# WORK REQUEST:
Exactly retype the opening line of the entries and every line after it, ending with the line that contains "Q: Width (condensed, normal, or". Skip all pictures.

---

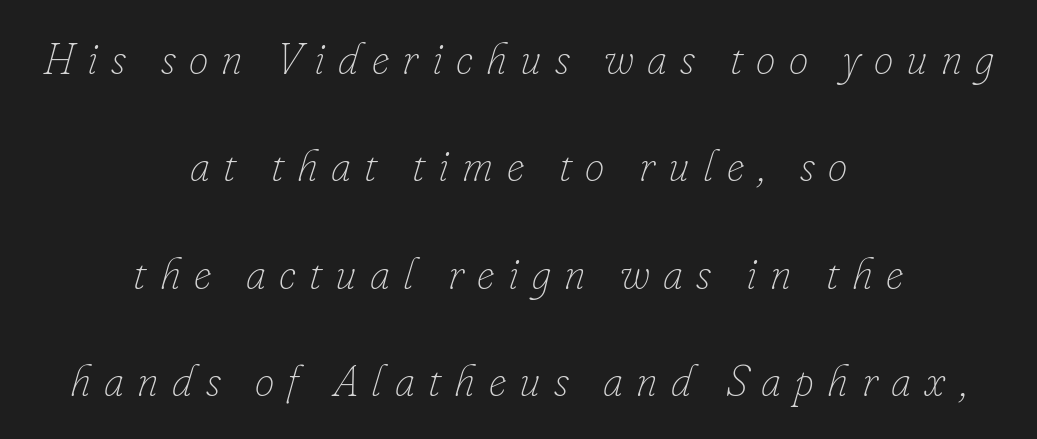
{"italic": "yes", "lean": "right", "slant_degrees": 16, "bold": "no", "weight": "thin", "width": "normal", "stroke_contrast": "low", "x_height": "small", "monospaced": "no", "underline": "no", "align": "center", "line_spacing": "loose", "line_spacing_ratio": 2.44, "letter_spacing": "wide", "letter_spacing_em": 0.3, "glyph_px": 44}
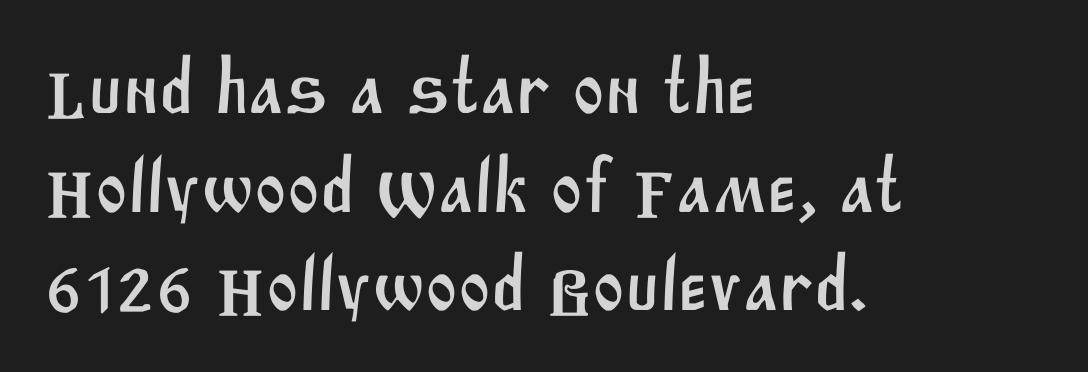
Q: Is the typeface a serif or a sans-serif typeface? A: Sans-serif.
Q: Is the text underlined? A: No.
Q: How is the paragraph aligned? A: Left-aligned.
Q: Is the spacing between letters normal or unusually wide? A: Normal.
Q: Is the spacing between lines tight, normal or loose? A: Normal.
Q: Width (condensed, normal, or wide)? A: Normal.
Q: Stroke contrast? A: Medium.
Q: x-height? A: Large.
Q: Monospaced? A: No.
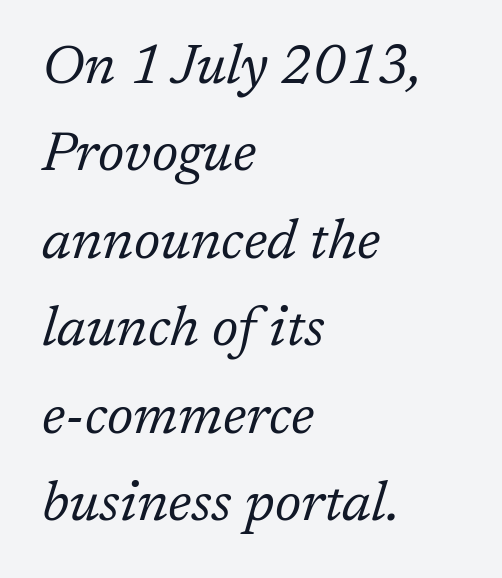
Words appear dense and cohesive because spacing is normal. The designer went with a serif here, giving each stem small feet. Descenders hang freely into open space. The rag falls on the right side of this text block. These lines sit exactly where default settings would place them. An italicized treatment has been applied to the whole sample.
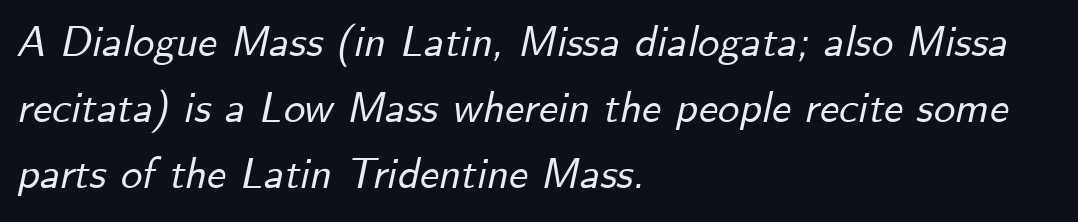
Honestly, the letter spacing is just normal — you wouldn't notice it. The whole block is typeset with a tilt. These lines are rendered in a variable-pitch font. A student would call this left alignment; a typographer would say flush left, rag right.
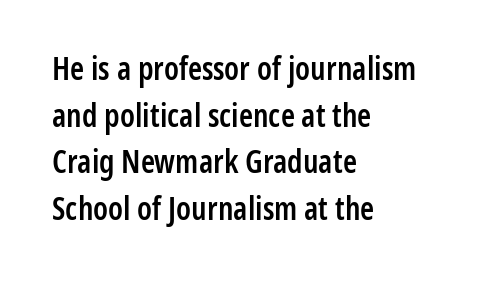
Is the type bold? Partly — it's a semibold, heavier than regular but not fully bold. Plain, unruled lines of type. Baseline-to-baseline distance is the conventional proportion of letter height. The rag falls on the right side of this text block. The specimen reads as upright at a glance.
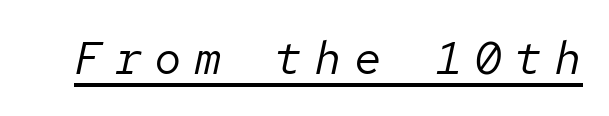
{"italic": "yes", "lean": "right", "slant_degrees": 12, "bold": "no", "weight": "regular", "width": "normal", "stroke_contrast": "low", "x_height": "medium", "monospaced": "yes", "underline": "yes", "letter_spacing": "wide", "letter_spacing_em": 0.27, "glyph_px": 46}

---

# FINISHED EXERCISE:
{"italic": "yes", "lean": "right", "slant_degrees": 16, "bold": "no", "weight": "thin", "width": "normal", "stroke_contrast": "low", "x_height": "small", "monospaced": "no", "underline": "no", "align": "center", "line_spacing": "loose", "line_spacing_ratio": 2.44, "letter_spacing": "wide", "letter_spacing_em": 0.3, "glyph_px": 44}
Q: Is the typeface a serif or a sans-serif typeface? A: Sans-serif.
Q: Is the text underlined? A: No.
Q: How is the paragraph aligned? A: Left-aligned.
Q: Is the spacing between letters normal or unusually wide? A: Normal.
Q: Is the spacing between lines tight, normal or loose? A: Normal.
Q: Width (condensed, normal, or wide)? A: Normal.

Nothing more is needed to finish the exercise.